- Flag of India
- Type: Administrator of a division of a state in India
- Abbreviation: D.C. or C.D.
- Member of: Indian Administrative Service; State Civil Services;
- Seat: Commissioner office
- Appointer: Respective Government of Indian State and Union Territories
- Formation: 1829 (197 years ago)^{[AI-retrieved source]}
- Salary: ₹1,44,200-1,82,200 and various other allowances and facilities

= Divisional commissioner (India) =

Administrator of a division of a state in India

A Divisional Commissioner, also known as Commissioner of division, is a career civil servant and a member of Indian Administrative Service who serves as the administrator of a division of a state in India. The post is referred to as regional commissioner in Karnataka and as revenue divisional commissioner in Odisha.

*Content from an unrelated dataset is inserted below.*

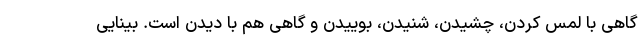
گاهی با لمس کردن، چشیدن، شنیدن، بوییدن و گاهی هم با دیدن است. بینایی

The division is constituted to oversee land revenue administration in the districts under its jurisdiction, along with other administrative functions. The Divisional Commissioner supervises land revenue administration and also oversees functions such as elections, disaster management, and inter-departmental coordination.

Office-bearers are generally either of the ranks of secretary to the state government, or principal secretary to state government.

The role of a divisional commissioner's office is to act as the administrative head of all the state government offices situated in the division. A divisional commissioner is given the direct responsibility of administering the land revenue collection, canal revenue collection and law & order maintenance of a division. The divisional commissioner also presides over Local government institutions in the division. Officers are transferred to and from the post by the state government. This post exists in many states of India. Divisional commissioners are responsible for general administration of the division and planned development of the districts under his control and also act as appeal adalat for revenue cases.

==History of divisional commissioner==
The division as an administrative level came into being in 1829 by the East India Company to facilitate the administration of far flung districts as a result of an increase in the scope of operations corresponding to the expansion of British territories. Each division was put under the charge of a divisional commissioner. The position was also known as Commissioner of Revenue and Circuit Division because he was the presiding officer of circuit court, it had appellate jurisdiction over sessions court. The post was created by then the Bengal government. The institution of divisional commissioner was created by Lord William Bentinck.

The appointment of commissioners in the subsequently acquired provinces of Punjab, Burma, Oudh and the Central Provinces followed in due course. The commissioner had intermediary role between district collector and board of revenue.

The Royal Commission for Decentralisation, 1907 recommended its retention. The issue, however, continued to crop up again and again, particularly at the time of constitutional reforms of 1919, 1935, and 1947. After independence, the state governments merely tinkered with traditional revenue set-up and the states of Maharashtra, Rajasthan, and Gujarat abolished the posts of divisional commissioners but later revived them except in Gujarat.

==Role of divisional commissioner==
The roles and powers of commissioners vary from state to state but there is a general precedent. The divisional commissioner performs a variety of roles in regional administration. Today, district magistrates are quite junior officers, needing the guidance and supervision of a seasoned administrator like the divisional commissioner. During the British period, a member of the Indian Civil Service was normally appointed a collector of the district in his twelfth year of service. Today a member of the IAS becomes a district collector after putting in 5 or 6 years of service. With his or her insufficient administrative experience, a district collector of today necessarily needs guidance. The divisional commissioners, therefore, are a necessary part of the governmental machinery.

==Exception==
The states and union territories in India that do not have divisions and thus do not have divisional commissioners are as follows:
- Kerala
- Goa
- Tamil Nadu
- Andhra Pradesh
- Telangana
- Gujarat
- Manipur
- Mizoram
- Sikkim
- Lakshadweep (Union Territory)
- Chandigarh (Union Territory)
- Dadra and Nagar Haveli and Daman and Diu (Union Territory)
In these areas, administrative divisions are not established, and hence the role of a divisional commissioner, who typically oversees revenue administration at the divisional level, does not exist. The district administration reports to the revenue department of the government.